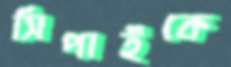
সিপাইকে
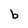
Character: b
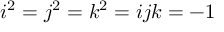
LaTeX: i ^ { 2 } = j ^ { 2 } = k ^ { 2 } = i j k = - 1
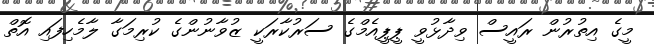
މީގެ އިތުރުން ރައީސް ވިދާޅުވީ ޕީޕީއެމްގެ ސަރުކާރަކީ ޒުވާނުންގެ ކުރިމަގާ ލާމެހިފައި އޮތް
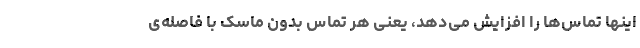
اینها تماس‌ها را افزایش می‌دهد، یعنی هر تماس بدون ماسک با فاصله‌ی
########################################
> [ABOUT THIS TASK]:
What is needed is an exact copy of the lines from the one with "މީގެ އިތުރުން ރައީސް" through the end of the data above, both included, minus any pictures.

> [REPLY TO THE TASK]:
މީގެ އިތުރުން ރައީސް ވިދާޅުވީ ޕީޕީއެމްގެ ސަރުކާރަކީ ޒުވާނުންގެ ކުރިމަގާ ލާމެހިފައި އޮތް
اینها تماس‌ها را افزایش می‌دهد، یعنی هر تماس بدون ماسک با فاصله‌ی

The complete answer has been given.